FROM LANCET ONCOLOGY

Genomic abnormalities can be identified in individual patients with metastatic breast cancer, which can then lead to targeted therapy, investigators reported in the March issue of Lancet Oncology.

In a prospective study of 423 patients who had breast cancer with a metastasis accessible for biopsy, comparative genomic hybridization array was feasible in 283 patients and Sanger sequencing was feasible in 297 patients. A targetable genomic alteration was found in 195 patients (46%), most often PIK3CA mutation (25%), CCND1 amplification (18%), and FGFR1 amplification (12%), reported Dr. Fabrice André of Institut Gustave Roussy, Villejuif, France, and his associates.

Dr. Fabrice André

The primary endpoint – the ability to offer targeted therapy based on genomic sequencing – was achieved for 55 patients (13%). Of the 43 patients who ultimately received targeted therapy as a result of the genomic analyses, four (9%) had an objective response, and nine others (21%) had stable disease for more than 16 weeks. Grade 3 or higher adverse events related to biopsy were reported in four patients (Lancet Oncol. 2014;15:267-74).

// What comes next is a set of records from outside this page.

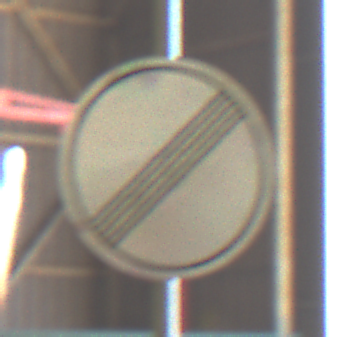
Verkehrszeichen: EndeSaemtlicherBegrenzungen
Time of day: Midday
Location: Indoor (Urban)
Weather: NotSpecified
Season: NotSpecified
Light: Natural
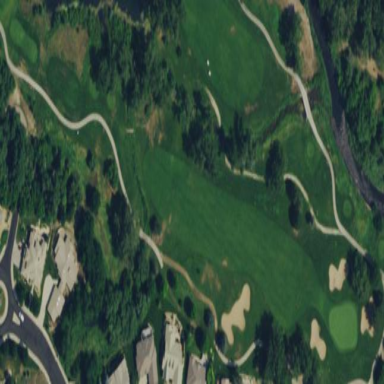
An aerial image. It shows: Rough area on grassy golf course.
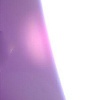
Label: sunburn
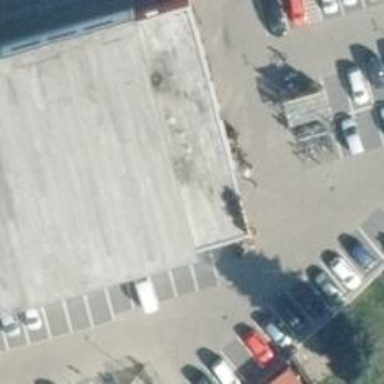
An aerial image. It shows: Supermarket.
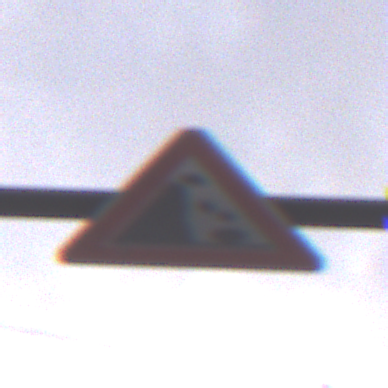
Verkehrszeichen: SteinschlagLinks
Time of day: MorningAfternoon
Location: Outdoor (Urban)
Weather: Overcast
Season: NotSpecified
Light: Natural
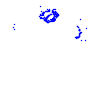
Particle: proton

The response rate was "disappointing," but the patient population had been heavily pretreated, the researchers noted.

The result "justifies the development of multiple strategies to improve efficacy of screening" for targeted therapy, the investigators said. They recommended improving algorithms for analyzing genomic data, using highly bioactive agents for targeted therapy, and combining therapies to delay drug resistance.

The study was sponsored by the French National Cancer Institute, Breast Cancer Research Foundation, Odyssea, and Operation Parrains Chercheurs. The authors reported no relevant financial conflicts of interest.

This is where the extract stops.